Vagabondage en chansons
Esquisse d'un voyage musical à travers le monde, installé dans son salon.
Par Jean Malbot
Un fauteuil, un poste-radio, ou une vieille chaine HI-FI : l'équipement est minimal mais suffisant pour partir à travers le monde sans bouger pour peu qu'on se laisse transporter par la musique et les chansons.
Certes, avec ce genre de périple, on ne pourra pas dire « nous avons fait » le Brésil, les États-Unis ou la Chine mais certains airs sont si évocateurs, qu'en nous en imprégnant, nous sommes dans ces pays.
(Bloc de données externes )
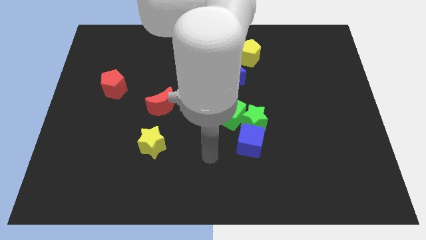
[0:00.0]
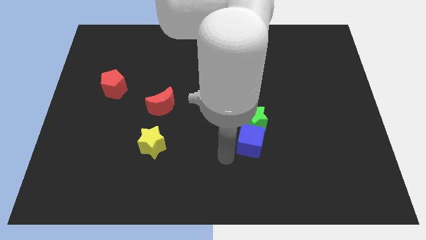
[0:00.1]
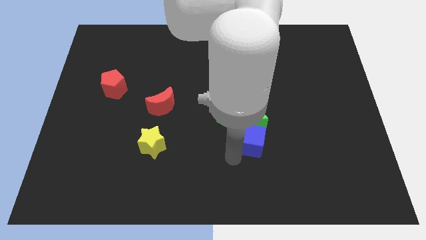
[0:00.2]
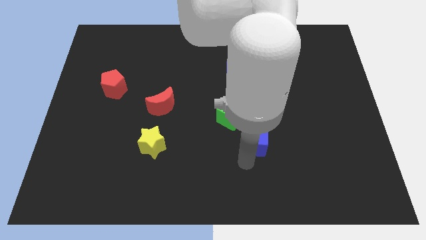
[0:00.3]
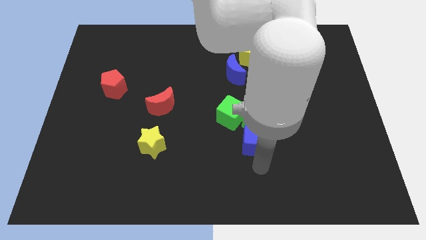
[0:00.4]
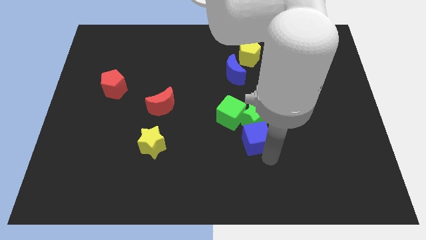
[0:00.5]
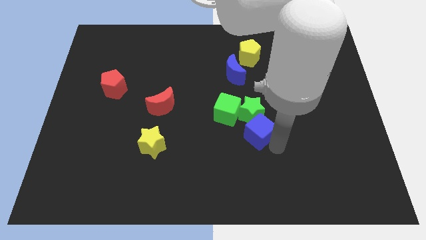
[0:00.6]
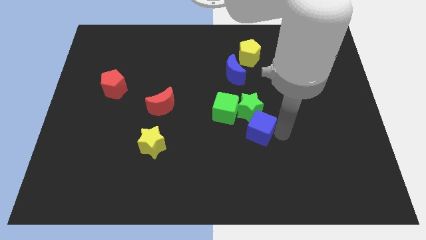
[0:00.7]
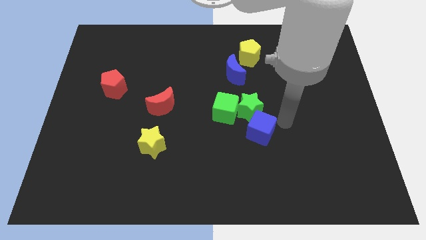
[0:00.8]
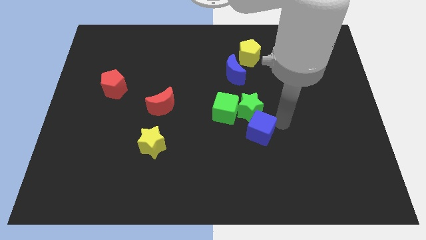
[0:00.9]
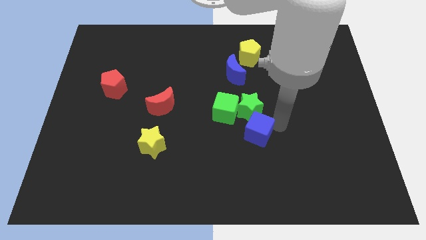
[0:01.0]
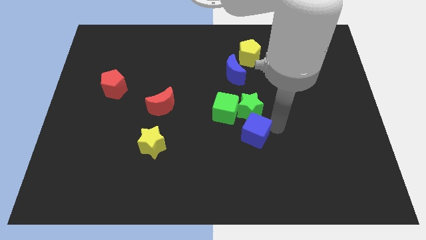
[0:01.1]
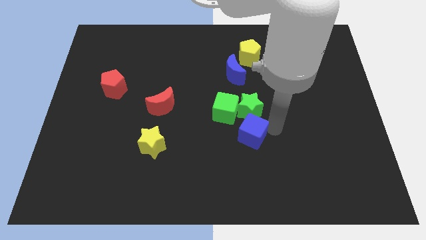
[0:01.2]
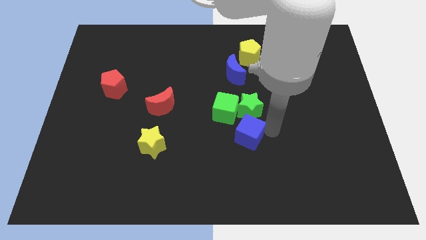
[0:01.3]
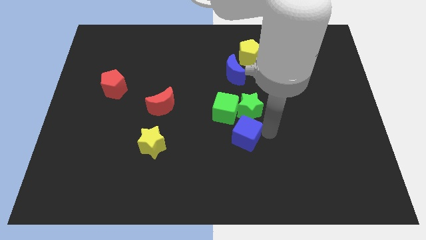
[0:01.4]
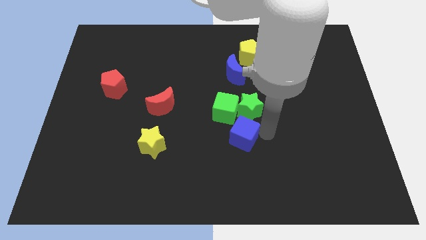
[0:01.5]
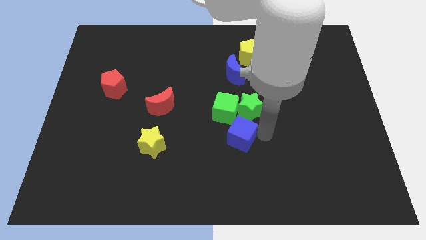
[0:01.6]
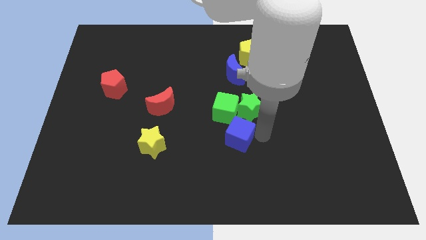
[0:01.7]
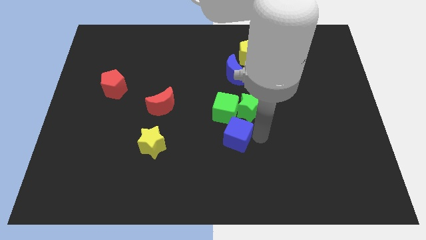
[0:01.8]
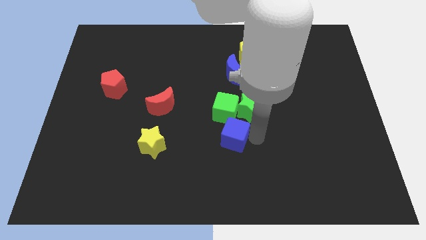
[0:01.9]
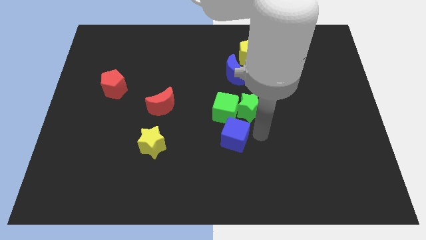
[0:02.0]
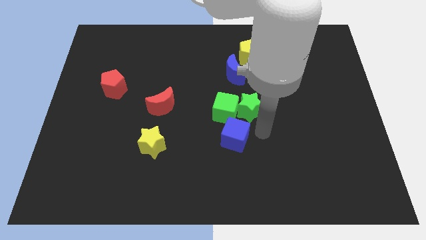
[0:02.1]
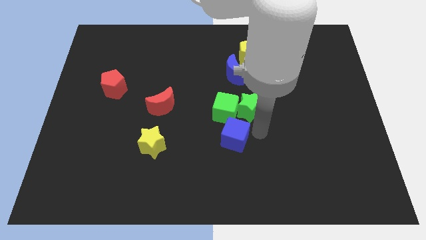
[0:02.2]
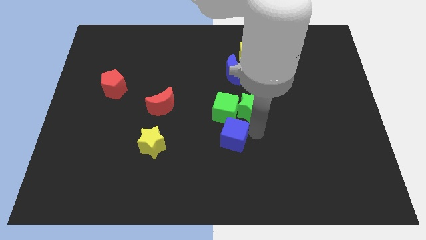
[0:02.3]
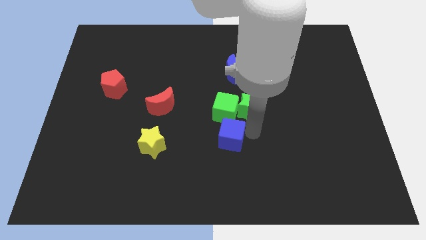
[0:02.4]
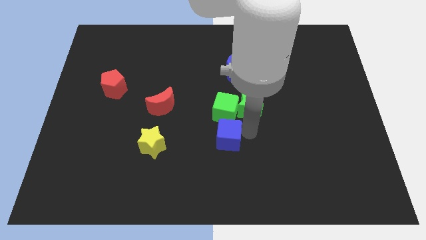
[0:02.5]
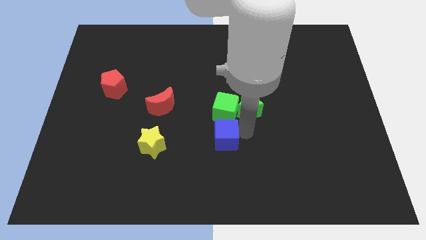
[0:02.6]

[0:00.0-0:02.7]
move the blue cube to the right of the yellow star

Il n'y a pas meilleure invitation au voyage que celle de Charles Aznavour quand il chante :
« Emmenez-moi au bout de la terre,
emmenez-moi au pays des merveilles,
il me semble que la misère
serait moins pénible au soleil. »
Il parle de bateaux en partance sur lesquels il a envie d'embarquer, de bout du monde, de pays inconnus, d'îles lointaines d'éternel été. Cette chanson a fait le tour du monde et nous fait nous évader du quotidien
Des brumes du nord
Suivons ces désirs d’évasion et même si ce n'est pas le bout du monde, Jacques Brel nous emmène dans le port d'Amsterdam. La puissance d’évocation est telle qu'on devine la silhouette des navires, qu'on entend le chant des marins, qu'on entre dans la moiteur des tavernes, qu'on sent le mélange d'odeurs de bière, de friture, de fumée de tabac On se laisse emporter par les harmonies d'accordéon.
Au soleil de Lisbonne
Laissons-nous dériver au sud. Voici Lisbonne où règne le fado et où chantait Amalia Rodrigues qui en fut la reine : installé dans un petit bar sur le port, aux murs revêtus d'azulejos, d'où on peut voir la mer de paille, écoutons ces airs mélancoliques qui nous parlent de saudade, d'amours plus ou moins accomplies, de nostalgie ; ce qui ne nous empêche pas de déguster des pouce-pieds en buvant un vinho verde ou un madère
On s'y voit !
La frénésie du Brésil
Glissons franchement plus au sud
À l'instar des navigateurs portugais du XVIe siècle, portés par les alizés, voici Rio :
« Si tu vas à Rio. » chantait Dario Moreno. Les paroles ne sont sans doute pas inoubliables mais les airs de samba, de bossa-nova et autres chants de cariocas sont tellement entrainants qu'on se laisse attirer par la frénésie du carnaval.
Pour nous reposer, les plages de Copacabana nous tendent les bras. De là, on peut voir la statue du Christ rédempteur sur le Corcovado et les vénus callipyges jouant au volley-ball sur la plage. Le regard est-il plus attiré par l'un ou par les autres ? Allez savoir.
Le rêve californien
En quelques heures, l'avion nous emmène en Californie, Los Angeles, San-Francisco, pourquoi pas en compagnie de Nicolas Peyrac, un peu oublié aujourd'hui mais dont la chanson So far away from LA est caractéristique des années 1970. En l'écoutant, surgissent de la brume, le Golden Gate, Beverley Hills... Le soleil se couche derrière Alcatraz. On imagine la foule de célébrités qui se sont succédé ici.
En écoutant bien, on peut aussi entendre les airs de Joan Baez de Bob Dylan de John Lennon ou de Simon et Garfunkel. On vit quelques instants dans cette Californie de Peace and love, des hippies de la musique psychédélique assaisonnée de substances hallucinogènes.
Pour terminer ce voyage musical, passons par la Russie ou l'âme slave se révèle à travers les chants orthodoxes des monastères perdus dans les forêts de mélèzes, les chœurs populaires avec leurs voix graves, leurs accordéons et leurs balalaïkas. Sans oublier une touche d'orientalisme avec les steppes d'Asie centrales de Borodine et Shéhérazade de Rimski-Korsakov, le jazz de la Nouvelle-Orléans, les mélopées du Maghreb et tant d'autres...
Mais une bouffée d'air marin fournie par Julien Clerc L’horizon chimérique1, donne envie de repartir :
« Je me suis embarqué sur un vaisseau qui danse
et roule bord sur bord et tangue et se balance
mes pieds ont oublié la terre et ses chemins
les vagues souples m'ont appris d'autres cadences
plus belles que le rythme las des chants humains. »
L'âme d'un pays se révèle peut-être autant par sa musique et ses chansons qu'à travers maints voyages. Et tout cela, sans quitter notre fauteuil. Nous avons fait un sacré périple.